Complaints | Changing fee earner
Eleanor Kilner explains why appreciating the relationship between client and fee-earner is key to rectifying where a fee-earner has changed and the client has not been informed
While there is no SRA rule to say that you must inform the client of a change of fee earner, it is bad practice and poor customer service not to do so. This article deals with one of the most surprisingly common complaints against firms; what to do where a fee-earner handling the matter is changed and the client is not informed.
In this case, you are the matter partner acting for a client in their defence of a claim. Upon receipt of instructions from the client, you send out your terms and conditions and client care letter which, among other things, advises them of the partner (you) and the fee earner who will be acting, their position and charge out rate.
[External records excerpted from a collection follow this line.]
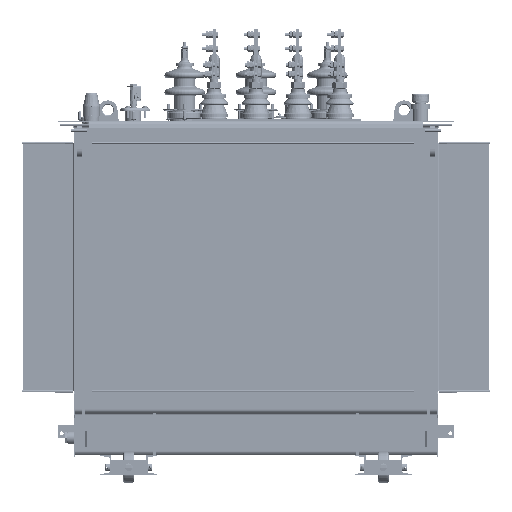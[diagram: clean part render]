
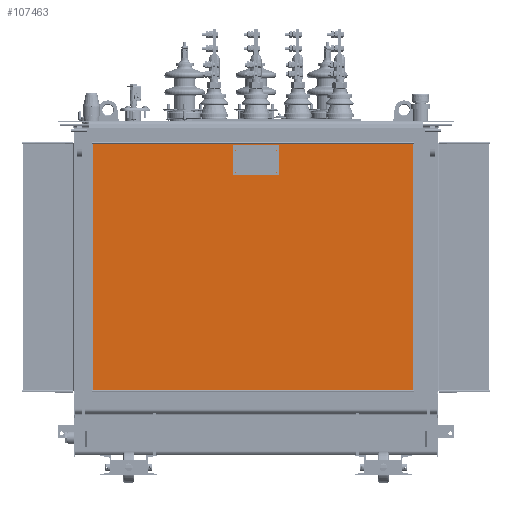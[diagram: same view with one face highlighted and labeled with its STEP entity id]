
A CAD part, front view. The second image highlights one B-rep face of the part: STEP entity #107463.
In plain terms, the highlighted planar face has unit normal (0, -1, 0).
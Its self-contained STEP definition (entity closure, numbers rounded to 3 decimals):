
#13638=FACE_OUTER_BOUND('',#21955,.T.);
#21955=EDGE_LOOP('',(#92186,#92187,#92188,#92189));
#29228=LINE('',#189779,#36529);
#29231=LINE('',#189785,#36532);
#29232=LINE('',#189787,#36533);
#29233=LINE('',#189788,#36534);
#36529=VECTOR('',#144233,800.);
#36532=VECTOR('',#144238,1032.);
#36533=VECTOR('',#144239,800.);
#36534=VECTOR('',#144240,1032.);
#50434=VERTEX_POINT('',#189776);
#50435=VERTEX_POINT('',#189778);
#50437=VERTEX_POINT('',#189784);
#50438=VERTEX_POINT('',#189786);
#64343=EDGE_CURVE('',#50435,#50434,#29228,.T.);
#64346=EDGE_CURVE('',#50434,#50437,#29231,.T.);
#64347=EDGE_CURVE('',#50438,#50437,#29232,.T.);
#64348=EDGE_CURVE('',#50438,#50435,#29233,.T.);
#92186=ORIENTED_EDGE('',*,*,#64346,.T.);
#92187=ORIENTED_EDGE('',*,*,#64347,.F.);
#92188=ORIENTED_EDGE('',*,*,#64348,.T.);
#92189=ORIENTED_EDGE('',*,*,#64343,.T.);
#95341=PLANE('',#117358);
#107463=ADVANCED_FACE('',(#13638),#95341,.T.);
#117358=AXIS2_PLACEMENT_3D('',#189783,#144236,#144237);
#144233=DIRECTION('',(0.,0.,1.));
#144236=DIRECTION('center_axis',(0.,-1.,0.));
#144237=DIRECTION('ref_axis',(1.,0.,0.));
#144238=DIRECTION('',(-1.,0.,0.));
#144239=DIRECTION('',(0.,0.,1.));
#144240=DIRECTION('',(1.,0.,0.));
#189776=CARTESIAN_POINT('',(506.5,-462.4,1005.));
#189778=CARTESIAN_POINT('',(506.5,-462.4,205.));
#189779=CARTESIAN_POINT('',(506.5,-462.4,205.));
#189783=CARTESIAN_POINT('Origin',(-525.5,-462.4,205.));
#189784=CARTESIAN_POINT('',(-525.5,-462.4,1005.));
#189785=CARTESIAN_POINT('',(-267.5,-462.4,1005.));
#189786=CARTESIAN_POINT('',(-525.5,-462.4,205.));
#189787=CARTESIAN_POINT('',(-525.5,-462.4,205.));
#189788=CARTESIAN_POINT('',(-525.5,-462.4,205.));
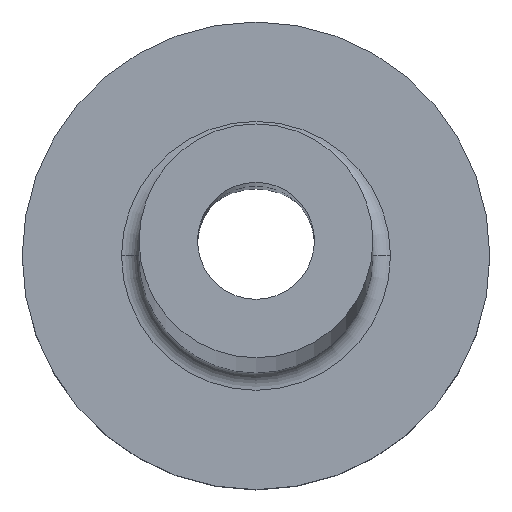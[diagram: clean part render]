
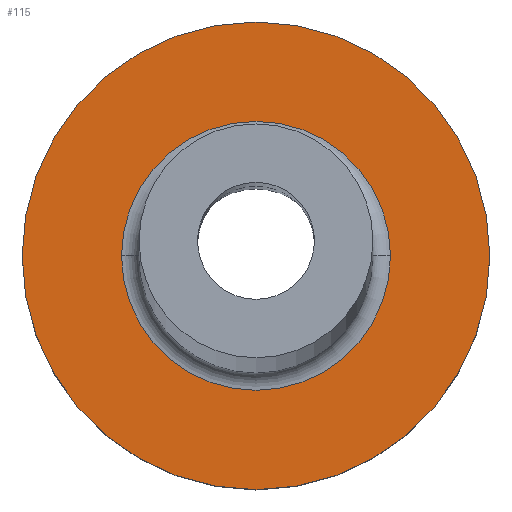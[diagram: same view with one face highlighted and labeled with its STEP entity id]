
A CAD part, top view. The second image highlights one B-rep face of the part: STEP entity #115.
In plain terms, the highlighted planar face has unit normal (0, 0, 1).
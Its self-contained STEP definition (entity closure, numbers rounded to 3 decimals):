
#29 = AXIS2_PLACEMENT_3D ( 'NONE', #362, #62, #410 ) ;
#38 = ORIENTED_EDGE ( 'NONE', *, *, #255, .T. ) ;
#40 = CARTESIAN_POINT ( 'NONE',  ( 4., 0., 3. ) ) ;
#49 = DIRECTION ( 'NONE',  ( 1., 0., 0. ) ) ;
#53 = CARTESIAN_POINT ( 'NONE',  ( 0., 0., 3. ) ) ;
#58 = AXIS2_PLACEMENT_3D ( 'NONE', #53, #360, #197 ) ;
#62 = DIRECTION ( 'NONE',  ( 0., 0., 1. ) ) ;
#63 = ORIENTED_EDGE ( 'NONE', *, *, #72, .T. ) ;
#72 = EDGE_CURVE ( 'NONE', #131, #140, #247, .T. ) ;
#76 = ORIENTED_EDGE ( 'NONE', *, *, #319, .T. ) ;
#78 = DIRECTION ( 'NONE',  ( 0., 0., 1. ) ) ;
#85 = DIRECTION ( 'NONE',  ( 0., 0., -1. ) ) ;
#92 = CARTESIAN_POINT ( 'NONE',  ( 0., 0., 3. ) ) ;
#96 = VERTEX_POINT ( 'NONE', #256 ) ;
#115 = ADVANCED_FACE ( 'NONE', ( #220, #322 ), #226, .T. ) ;
#120 = DIRECTION ( 'NONE',  ( 1., 0., 0. ) ) ;
#122 = ORIENTED_EDGE ( 'NONE', *, *, #304, .T. ) ;
#131 = VERTEX_POINT ( 'NONE', #40 ) ;
#140 = VERTEX_POINT ( 'NONE', #153 ) ;
#153 = CARTESIAN_POINT ( 'NONE',  ( -4., 0., 3. ) ) ;
#160 = AXIS2_PLACEMENT_3D ( 'NONE', #218, #78, #432 ) ;
#175 = CARTESIAN_POINT ( 'NONE',  ( -2.3, 0., 3. ) ) ;
#176 = EDGE_LOOP ( 'NONE', ( #122, #76 ) ) ;
#197 = DIRECTION ( 'NONE',  ( 1., 0., 0. ) ) ;
#218 = CARTESIAN_POINT ( 'NONE',  ( 0., 0., 3. ) ) ;
#220 = FACE_BOUND ( 'NONE', #176, .T. ) ;
#221 = CIRCLE ( 'NONE', #58, 2.3 ) ;
#226 = PLANE ( 'NONE',  #160 ) ;
#230 = CIRCLE ( 'NONE', #29, 4. ) ;
#247 = CIRCLE ( 'NONE', #288, 4. ) ;
#254 = CARTESIAN_POINT ( 'NONE',  ( 0., 0., 3. ) ) ;
#255 = EDGE_CURVE ( 'NONE', #140, #131, #230, .T. ) ;
#256 = CARTESIAN_POINT ( 'NONE',  ( 2.3, 0., 3. ) ) ;
#258 = DIRECTION ( 'NONE',  ( 0., 0., 1. ) ) ;
#288 = AXIS2_PLACEMENT_3D ( 'NONE', #254, #258, #120 ) ;
#304 = EDGE_CURVE ( 'NONE', #96, #382, #221, .T. ) ;
#313 = CIRCLE ( 'NONE', #387, 2.3 ) ;
#319 = EDGE_CURVE ( 'NONE', #382, #96, #313, .T. ) ;
#322 = FACE_OUTER_BOUND ( 'NONE', #363, .T. ) ;
#360 = DIRECTION ( 'NONE',  ( 0., 0., -1. ) ) ;
#362 = CARTESIAN_POINT ( 'NONE',  ( 0., 0., 3. ) ) ;
#363 = EDGE_LOOP ( 'NONE', ( #38, #63 ) ) ;
#382 = VERTEX_POINT ( 'NONE', #175 ) ;
#387 = AXIS2_PLACEMENT_3D ( 'NONE', #92, #85, #49 ) ;
#410 = DIRECTION ( 'NONE',  ( 1., 0., 0. ) ) ;
#432 = DIRECTION ( 'NONE',  ( 1., 0., 0. ) ) ;

Two months into the matter, the original fee-earner leaves the firm and you allocate the file to another fee earner with the relevant experience. Although a client would not generally object to this (if asked), you forget to ask the client's permission. The new fee earner takes over day-to-day conduct of the matter for two weeks before a bill is raised. Upon receipt of the bill, the client notices that the new fee earner has been working on the matter at a slightly higher rate and calls you. Under the circumstances you must apologise immediately; clearly you should have asked the client's permission.
You must appreciate that the relationship with the client may have been affected. While this is concerning, particularly if you were hoping for repeat business, you will want to avoid charging the new fee earner out at a lower rate. In the circumstances you will need to explain the reasons for the change, comment on the new fee earner's suitability to act on the matter given their skills and experience and the advantages of their involvement. You might point out that the allocation of the file to a more experienced day-to-day fee earner is likely to decrease the amount of time spent (and therefore charged) by you, a more expensive partner. You should also drop charges for the new fee earner's reading in time. This should appease the client.
Although placating the client is a key priority, you will also need to have an eye to costs budgeting, particularly in view of the new requirements brought in as a result of the Jackson costs reforms. You may need to send the client an updated costs budget. This will clearly depend on whether the total time is changed for each task and/or this does not fall within any margin of error factored in. Further, depending on the stage of the claim, this may require a new costs budget to be agreed between the parties (on the basis that this occurs post CMC).
Finally you should make efforts to reaffirm the client's value to the practice and the practice's commitment to good client service, perhaps informing them of other benefits your firm offers to its clients such as relevant seminars and newsletters that are available to them.